Function: if(array_size(oid_column("1.3.6.1.4.1.9.2.1.57", 10 ,29)), oid("1.3.6.1.4.1.9.2.1.57.0", 10, 29)+1 ,"False")

Place the name of that function in the available line of your new probe. there you can check for False. Cisco_CPU_a() <> "False"

This should cause your CPU testing probe to only be installed on Cisco devices when using auto discover... Or more specifically devices that respond with a value when SNMP queries the value.

[Error line] Disclaimer :) These error lines are kind of primitive, make sure you test them. I highly recommend reading the probe thread in the dude forum to get a feel for the code.

On the error line is where all the work is done, it will be in the format of - if (oid(""), "","failed") The description of "if" (in the functions panel) is "first parameter - condition, second - returned if condition yields logical true, third - returned otherwise"

The description of the error line is "if the return string is empty the service is assumed up". This can be confusing, if you return a value other than "" the probe will be in error and you will get a notification. Remember the IF function is "if X, return Y, else return Z". When the probe is in error Z will be sent to your notification.

So on the error line put - if(oid("1.3.6.1.4.1.9.2.1.57.0"), "", "Cant read CPU") in English that would be if the oid exists return "" else return "Can't read CPU". But there is a problem, what if the CPU average is 0, well your probe will generate a notification and will be false. So use this instead. if(oid("1.3.6.1.4.1.9.2.1.57.0")<> "", "", "Cant read CPU") in English that would be ... if the oid is not equal to nothing, return true else return "Can't read CPU"

You might want to correct for a default design... the default poll times are using 30 second reads but they are negatively cached for 300 seconds. So a failed probe stays down for 5 minutes.

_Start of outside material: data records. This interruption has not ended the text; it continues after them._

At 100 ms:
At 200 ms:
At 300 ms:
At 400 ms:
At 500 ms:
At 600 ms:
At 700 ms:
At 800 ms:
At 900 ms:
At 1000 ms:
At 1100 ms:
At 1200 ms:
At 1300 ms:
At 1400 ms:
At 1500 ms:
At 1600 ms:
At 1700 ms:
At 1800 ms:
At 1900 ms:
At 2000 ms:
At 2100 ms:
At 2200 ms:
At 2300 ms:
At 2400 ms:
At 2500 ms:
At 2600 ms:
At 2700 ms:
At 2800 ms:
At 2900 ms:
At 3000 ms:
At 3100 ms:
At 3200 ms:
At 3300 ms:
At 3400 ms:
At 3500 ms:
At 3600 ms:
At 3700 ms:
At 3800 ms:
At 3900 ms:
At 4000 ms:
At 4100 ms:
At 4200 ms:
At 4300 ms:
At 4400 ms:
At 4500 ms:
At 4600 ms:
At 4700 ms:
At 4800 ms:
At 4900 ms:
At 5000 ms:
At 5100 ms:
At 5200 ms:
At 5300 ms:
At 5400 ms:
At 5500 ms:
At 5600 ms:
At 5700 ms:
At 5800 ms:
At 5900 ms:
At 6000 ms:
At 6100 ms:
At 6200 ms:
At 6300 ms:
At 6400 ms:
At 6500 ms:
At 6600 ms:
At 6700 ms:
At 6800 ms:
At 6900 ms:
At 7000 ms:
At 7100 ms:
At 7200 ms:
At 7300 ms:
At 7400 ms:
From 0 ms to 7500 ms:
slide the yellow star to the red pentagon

The issue is negative cache time should be set only if there are no retries left, it is being set on the first poll. Which causes a single poll failure to cause the device to show down for that probe for a long time (relative to networks)...

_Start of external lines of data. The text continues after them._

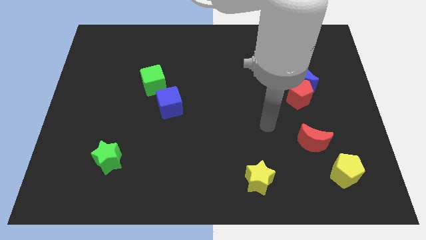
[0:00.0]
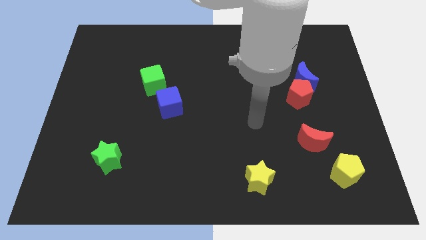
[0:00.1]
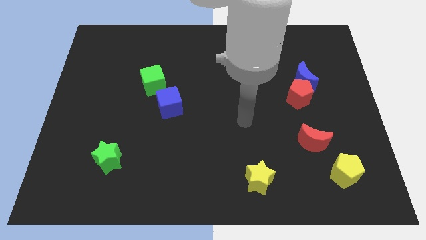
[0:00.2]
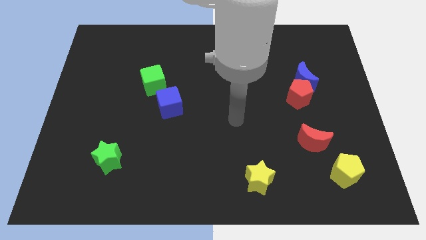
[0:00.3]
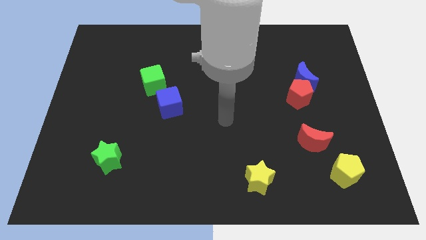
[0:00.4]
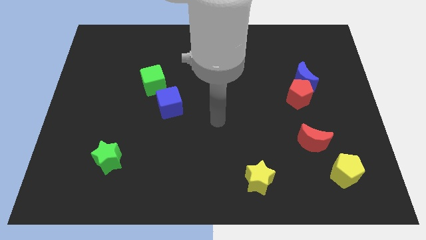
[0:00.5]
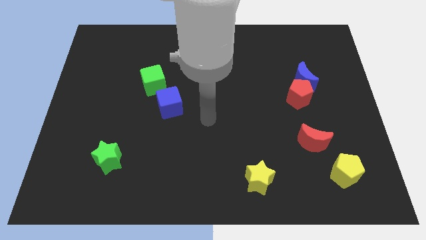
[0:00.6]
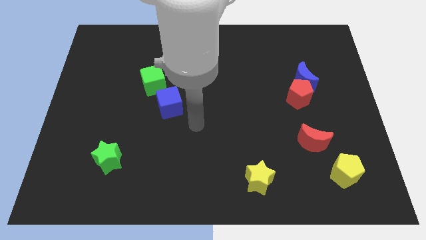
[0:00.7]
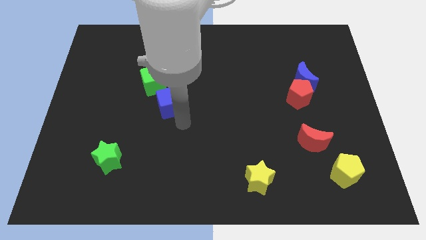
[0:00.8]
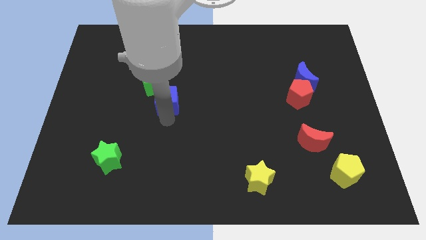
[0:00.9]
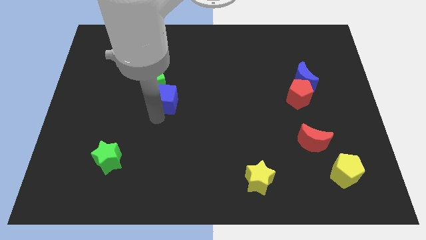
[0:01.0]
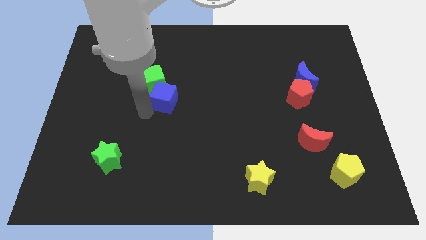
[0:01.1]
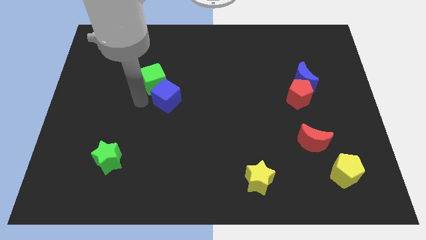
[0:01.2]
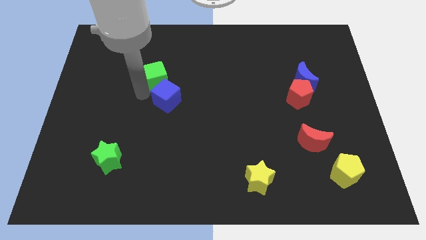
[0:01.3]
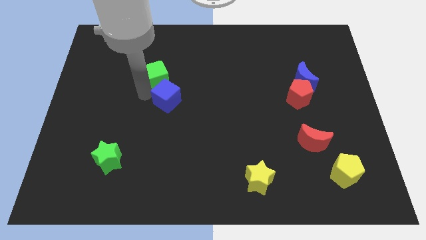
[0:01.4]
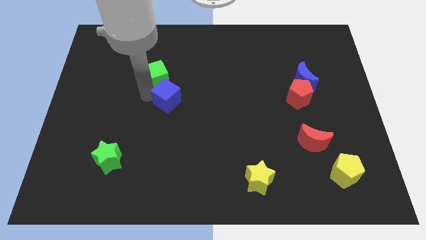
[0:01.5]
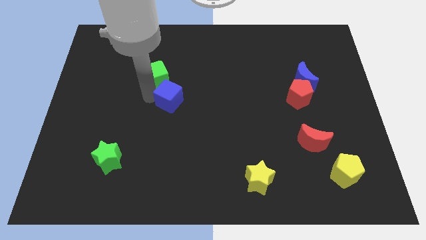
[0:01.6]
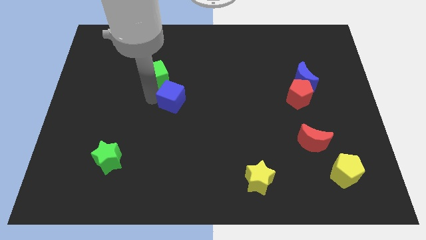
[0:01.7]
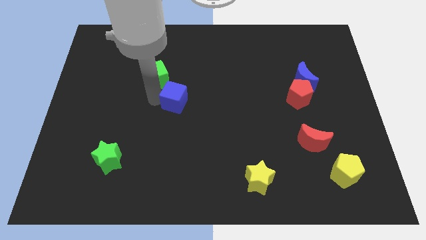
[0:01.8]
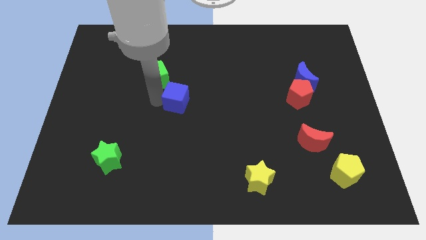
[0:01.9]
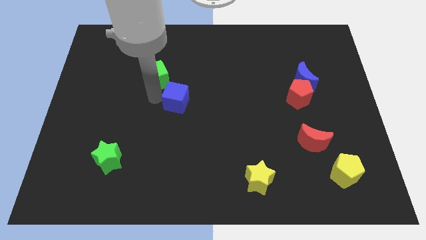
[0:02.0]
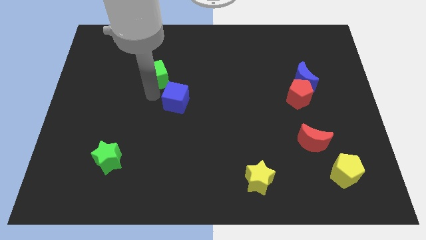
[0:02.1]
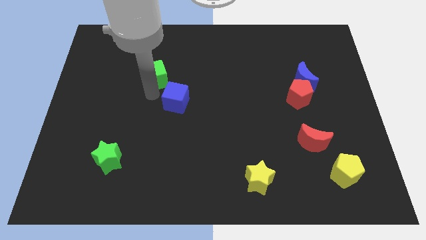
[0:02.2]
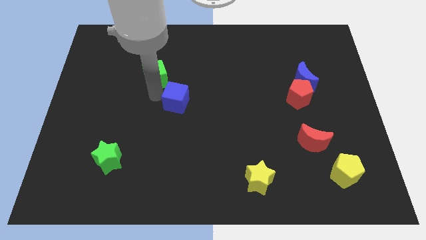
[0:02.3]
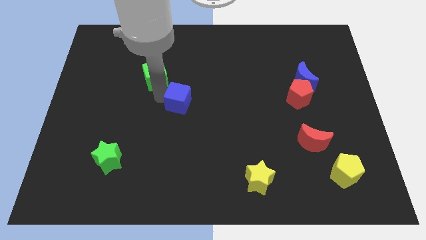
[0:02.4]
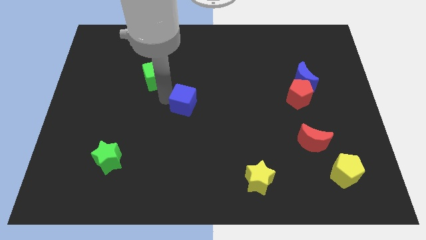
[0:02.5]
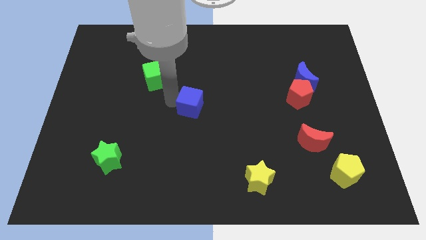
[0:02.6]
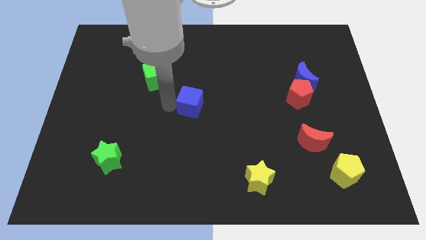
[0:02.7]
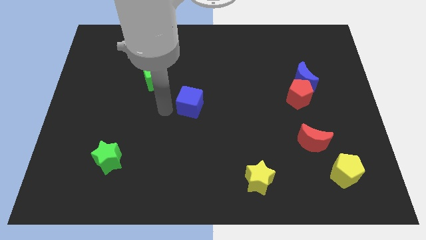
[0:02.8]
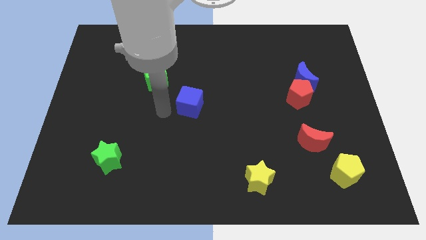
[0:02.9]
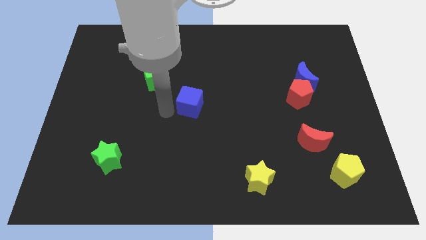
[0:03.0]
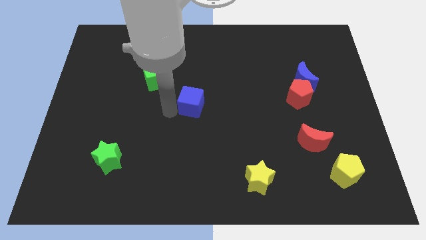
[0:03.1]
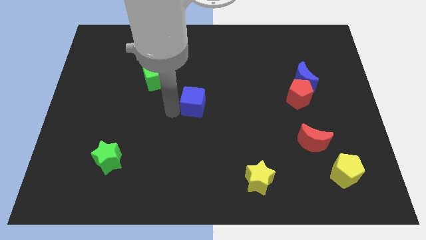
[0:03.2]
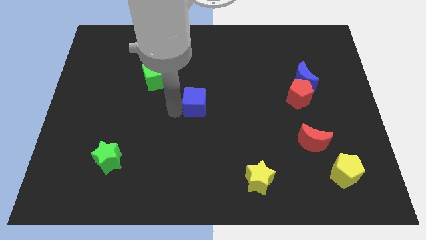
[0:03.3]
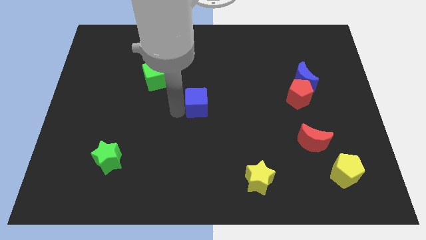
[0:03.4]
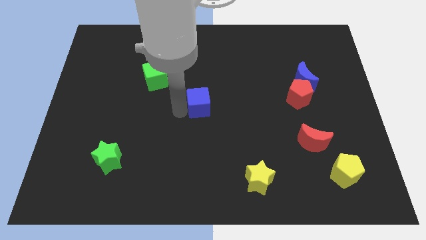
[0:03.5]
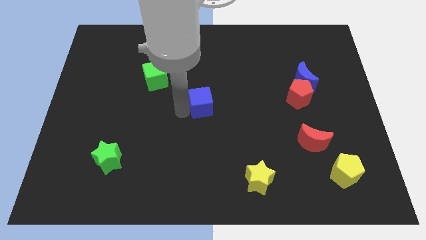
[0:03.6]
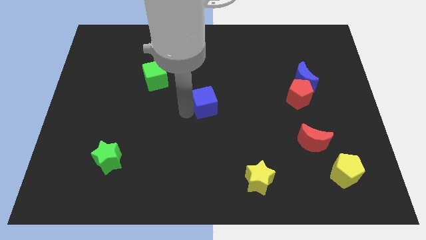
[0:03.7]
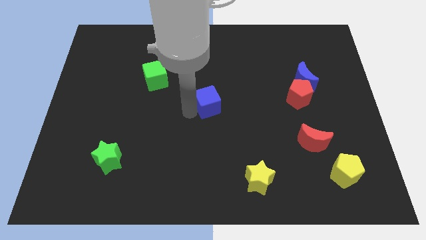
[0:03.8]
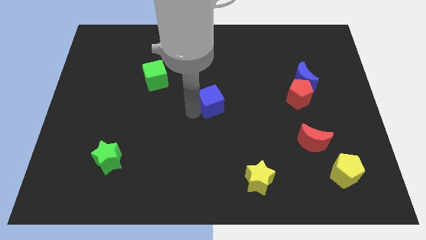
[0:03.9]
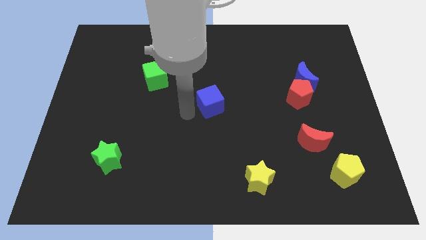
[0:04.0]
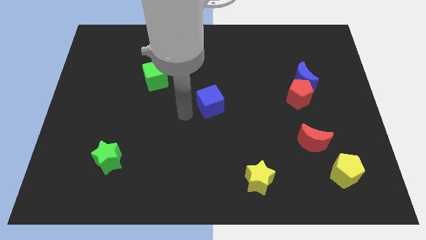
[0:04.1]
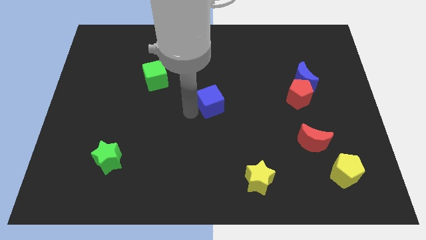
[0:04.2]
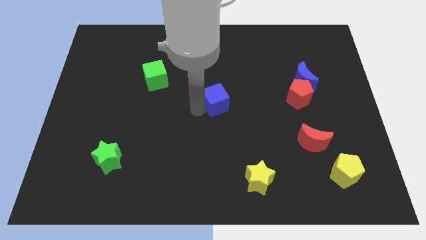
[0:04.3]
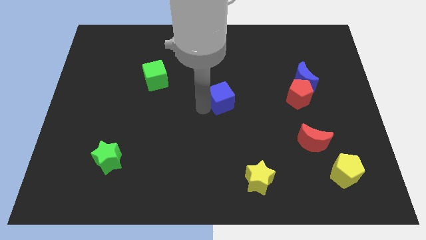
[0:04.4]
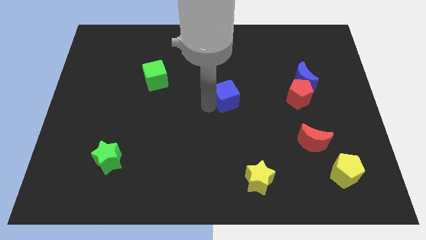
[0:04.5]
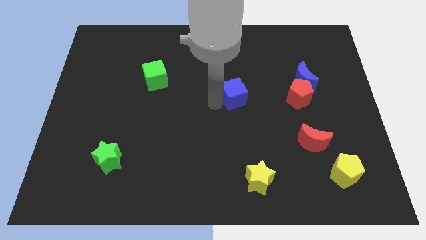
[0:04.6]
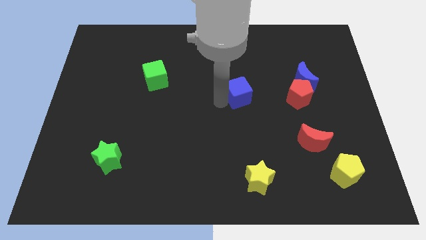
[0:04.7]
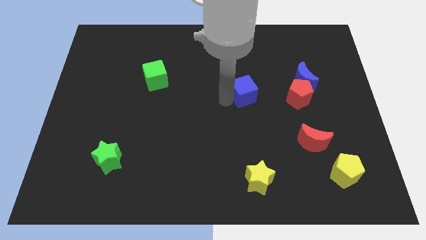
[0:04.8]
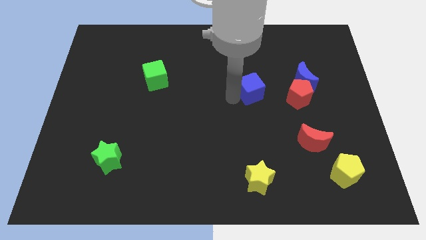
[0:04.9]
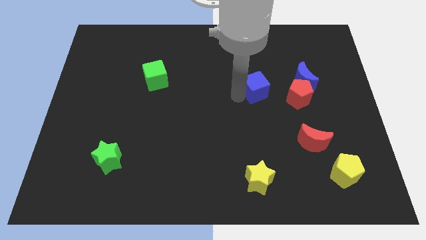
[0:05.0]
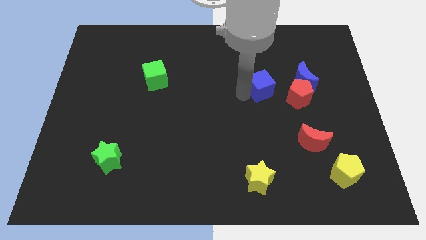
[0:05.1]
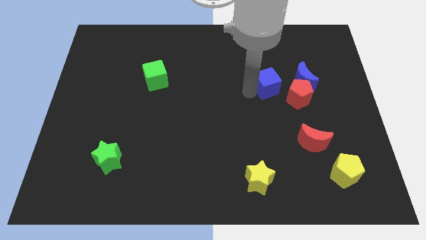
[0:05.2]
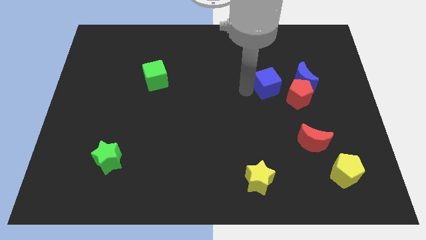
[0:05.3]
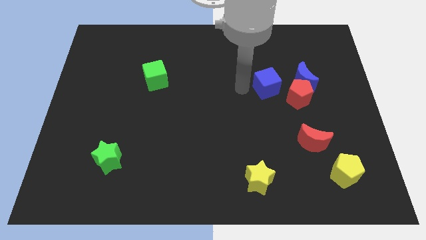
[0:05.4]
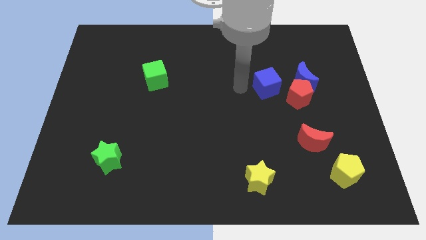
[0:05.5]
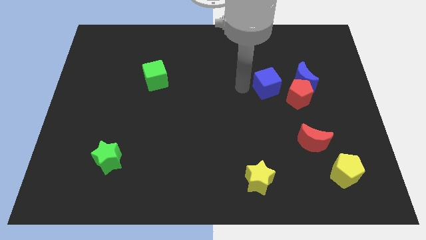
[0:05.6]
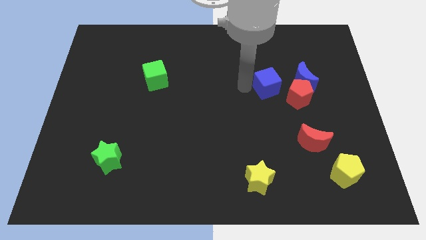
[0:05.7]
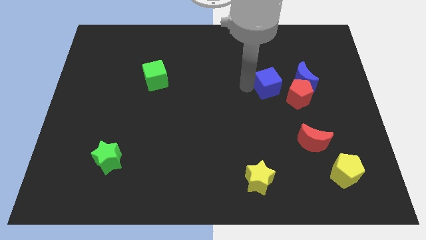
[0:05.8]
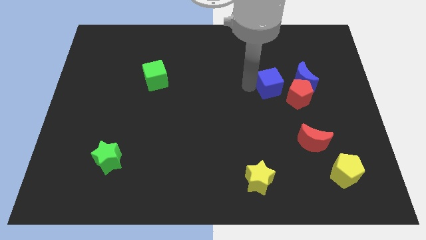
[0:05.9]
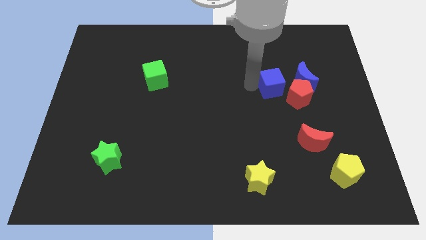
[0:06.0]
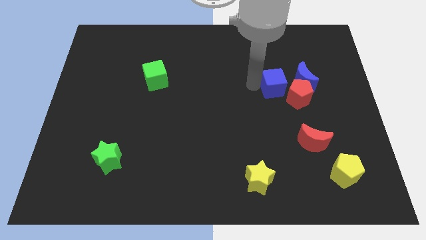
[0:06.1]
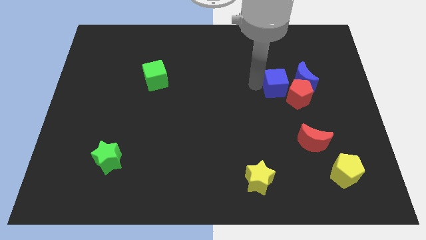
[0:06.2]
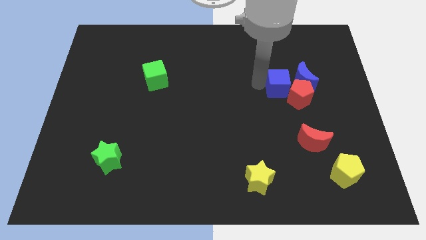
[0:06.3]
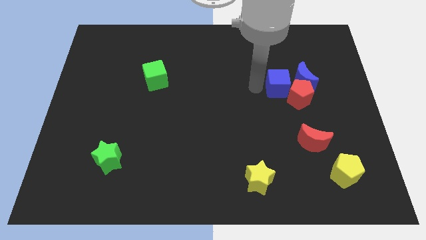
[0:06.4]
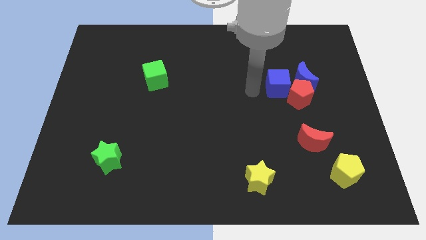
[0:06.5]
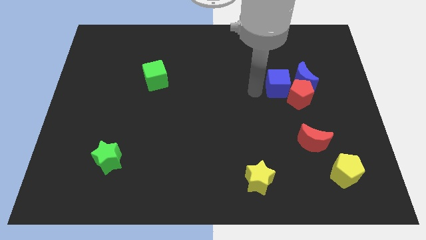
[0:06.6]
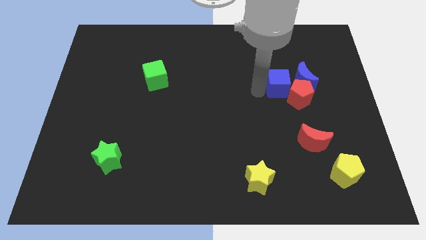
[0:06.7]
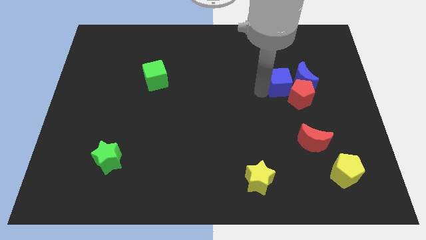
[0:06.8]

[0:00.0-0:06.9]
move the blue cube close to the blue moon

Instead you can specify the cache time and negative cache time. if(oid("1.3.6.1.4.1.9.2.1.57.0",10,29)<> "", "", "Cant read CPU") if oid stuff, remember it for 10 seconds, If it fails remember that it failed for 29 seconds...

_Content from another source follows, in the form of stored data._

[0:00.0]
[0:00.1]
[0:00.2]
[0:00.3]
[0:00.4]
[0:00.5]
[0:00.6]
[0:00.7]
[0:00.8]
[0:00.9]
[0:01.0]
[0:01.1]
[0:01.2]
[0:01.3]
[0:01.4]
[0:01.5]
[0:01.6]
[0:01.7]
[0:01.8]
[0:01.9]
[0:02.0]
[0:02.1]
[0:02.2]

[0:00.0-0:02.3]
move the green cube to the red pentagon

Now we want to know if CPU is not nothing OR is over 95% utilization. if(or(oid("1.3.6.1.4.1.9.2.1.57.0",10,29)<>"", oid("1.3.6.1.4.1.9.2.1.57.0",10,29)<95), "","CPU Problem") Don't do code like that...

Make a function to test your oid and create a better error line - [Both function and probe credit gsandul] if(Cisco_CPU_a()<>"False",if(Cisco_CPU_a() < 60, "", concatenate("Warning: high CPU =", Cisco_CPU_a(), "%")), "Failed read")

Notice that OIDs and Functions can be used interchangeably.

Math and other logic functions can be performed here as well. Say you are reading a Negative value like RSSI but want the graph to be positive. So you can send a notification if your wireless bridge signal is too weak. if((oid("1.3.6.1.4.1.9.2.1.57.0",10,29)*-1) <85, "", "Bridge signal low") I don't think this exact line works but hopefully you get the idea.

[Value line] Now it it time to Graph. In the Value line place the OID that you want to graph. oid("1.3.6.1.4.1.9.2.1.57.0",10,29)

if your OID has a lot of precision you can round it, many things can be fixed here with values that you want to graph.

round(oid("1.3.6.1.4.1.9.2.1.57.0",10,29))

[Unit line] In the unit put % if it is percent, put ms if it is in milliseconds... All the graphs with the same Unit will be graphed on one graph.

Leave the rate to none, that is how often the probe is executed and the default polling interval will be used. (I think)

Looking around you will find built in things like [Device.name] that can be used by your own probes and functions. I don't know where there is a list of them but you can find them in various functions settings and probes.

Lebowski

Edit: removed the incriminating evidence and touched up some SNMP, MIB and OID stuff. Also many edits to facilitate ease of reading. Improved "Available" section. Improved reading a little added more detail on probes and functions. Corrected errors, bold some text.